If for no other reason, it would save on CO2 emissions.

I'd prefer an alcohol heater, but that's a market that needs to become established.
 
Bottom line (as many of us have TRIED to state showing data but been drowned out by FUD)...

The ONLY time you MAY see 50% loss is if you are doing very short drives AND ADDING IN VAMPIRE LOSSES.

You DO NOT NEED range for short drives, so losses on short drives are irrelevant when discussing whether an SR or MR is ok for the winter. When you road trip, your losses will be more in the 10-30% range (as demonstrated by my and others' DATA).

If the intent of the thread is to discuss the additional COST of driving an EV in the winter due to efficiency and vampire losses, then I would agree it will be higher.

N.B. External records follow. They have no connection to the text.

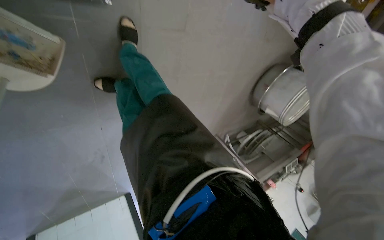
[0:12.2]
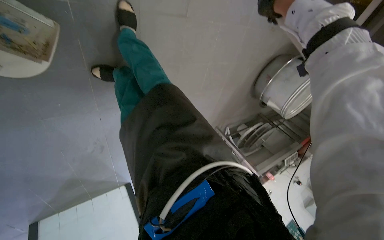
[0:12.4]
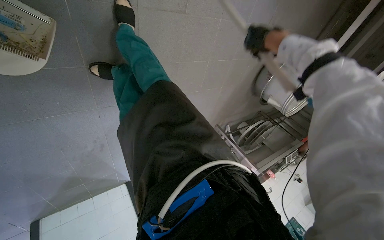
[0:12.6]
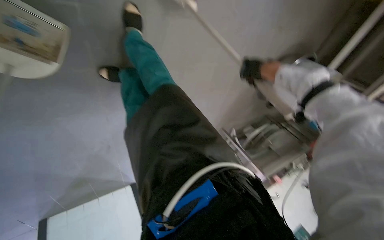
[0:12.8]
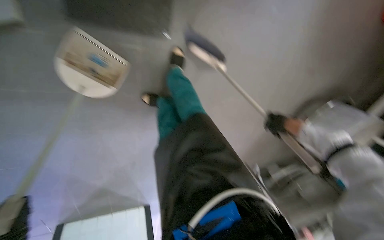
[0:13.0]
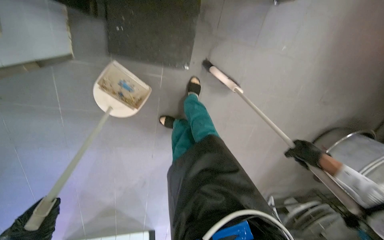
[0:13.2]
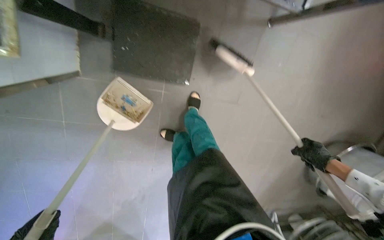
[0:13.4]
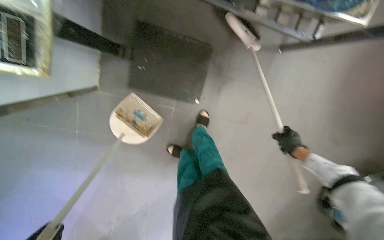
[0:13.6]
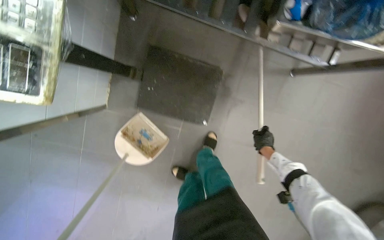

In my case I still save $ over driving an equivalent ICE, but the savings are less in the winter as my Wh/mi rise.

In well over 100k miles of EV driving I have NEVER taken an ICE due to range concerns brought on by weather...and I live in Wisconsin!
 
I don't think any recommendation of SR, MR, or LR can be complete without discussing with the interested buyer what type of driving they expect to do, in what temperatures, and how closely they plan to micromanage heat, charging, regen braking modes, etc. So, you can't categorically tell someone in a cold climate that they shouldn't get the SR or the MR, but you can warn them that if they plan to take a lot of short trips, in very cold weather or deep snow, with the heat at comfortable levels, preheating on battery power, spirited acceleration, grippy winter tires mounted, dual motor, and a lot of time spent either in traffic or stopped at lights (where the heater continues to run), it is possible they may see horrible efficiency. Will it be 50%? I'm not sure. In Minnesota, driving exactly the way I just described, my energy graph is suggesting around a 50% range loss....if I keep driving this way. However, if I were in a situation where I needed longer range, I very likely wouldn't be driving this way, I'd be driving more highway miles and that energy graph would change accordingly.

So in summary, the situations where efficiency will be at its worst (city driving), are the exact situations where many people (not all, but many) won't need the range to begin with.
 
Bottom line (as many of us have TRIED to state showing data but been drowned out by FUD)...

The ONLY time you MAY see 50% loss is if you are doing very short drives AND ADDING IN VAMPIRE LOSSES.

You DO NOT NEED range for short drives, so losses on short drives are irrelevant when discussing whether an SR or MR is ok for the winter. When you road trip, your losses will be more in the 10-30% range (as demonstrated by my and others' DATA).

If the intent of the thread is to discuss the additional COST of driving an EV in the winter due to efficiency and vampire losses, then I would agree it will be higher. In my case I still save $ over driving an equivalent ICE, but the savings are less in the winter as my Wh/mi rise.

In well over 100k miles of EV driving I have NEVER taken an ICE due to range concerns brought on by weather...and I live in Wisconsin!

I don't mean to pester and have appreciated the discourse on this thread. I would agree with the majority of the data and other people's graphs look a ton better than mine, but my data is showing a clear 35% loss at 30-40° and following trend, will dip to 40-50° in the 20s and teens. Maybe that is not true of everyone, but what am I missing her? My data (albeit not complete, but the trends are constant and 3.5k data is not useless).
 
Bottom line (as many of us have TRIED to state showing data but been drowned out by FUD)...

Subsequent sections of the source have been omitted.